The remarks from Fauci, the nation’s top infectious disease expert and President Joe Biden’s chief medical adviser, represent a new assessment from senior U.S. health officials — who had acknowledged in recent weeks that the U.K. strain was more contagious but said there was no evidence suggesting it was more dangerous.

In a report released last Friday, however, the U.K. government’s science advisory group concluded “there is a realistic possibility that infection with” the country’s dominant Covid-19 variant “is associated with an increased risk of death compared to infection with” other strains of the coronavirus.

Fauci called those findings “concerning” in an interview Monday on NBC’s “Today” show. “The data has not come out officially, but taking a look at the preliminary data that the U.K. scientists have analyzed, I’m pretty convinced that there is a degree of increase in seriousness of the actual infection, which we really have to keep an eye on,” he said.

The CDC first warned last month that travelers could bring the newly identified U.K. coronavirus variant into the U.S., and the agency reported earlier this month that the variant could become the dominant strain of the disease in the U.S. as early as March.

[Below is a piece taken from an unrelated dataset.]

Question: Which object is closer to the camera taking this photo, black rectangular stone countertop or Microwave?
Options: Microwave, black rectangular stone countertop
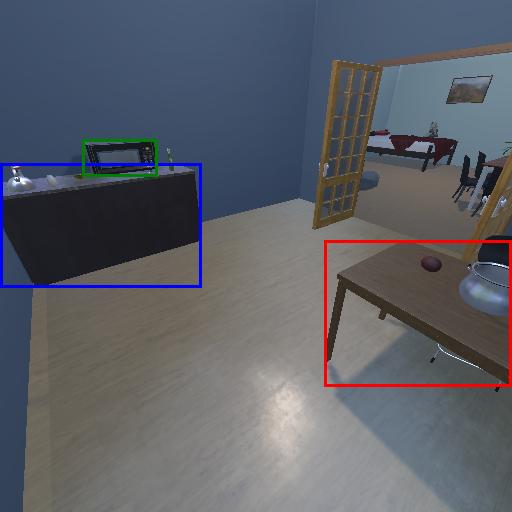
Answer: Microwave
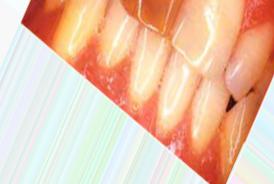
Condition: Tooth Discoloration
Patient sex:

Despite the latest analysis of the U.K. variant, Fauci said Monday that U.S. officials were “more concerned” about a separate coronavirus strain in South Africa because of its resistance to antibodies as a form of treatment.

“When you do studies in the test tube, in-vitro studies, it shows that the ability of monoclonal antibodies that have been used for therapy … [are] really impaired in the presence of these particular variants,” Fauci said.

“In other words, these monoclonal antibodies don’t nearly work as well as treatment,” he continued. “There is a very slight, modest diminution in the efficacy of a vaccine against it. But there’s enough cushion with the vaccines that we have that we still consider them to be effective against both the U.K. strain and the South African strain.”

Fauci stressed that U.S. officials were taking the new coronavirus strains seriously and warned that the science surrounding the variations will “continue to evolve.” But he also said he did not want Americans “to think, at this point, that the vaccines are not effective against them. They are.”

Still, “we really need to make sure that we begin — and we already have — to prepare, if it’s necessary, to upgrade the vaccines,” Fauci said. “We’re already taking steps in that direction, despite the fact that the vaccines that we have now do work.”

Indeed, Fauci’s remarks Monday came as Moderna — the U.S. drugmaker whose coronavirus vaccine was authorized by the Food and Drug Administration last month — announced that it would develop a booster shot to improve vaccine efficacy against emerging coronavirus variations.

And later Monday, Biden is expected to announce another round of coronavirus-related travel restrictions, including a new ban on most non-U.S. citizens traveling from South Africa and a reinstated ban on most non-U.S. travelers coming from Brazil, the U.K. and dozens of European countries.

Fauci described those actions by Biden as “very prudent,” adding: “We’re really taking very seriously the potential for the influx of these types of mutants into the country.”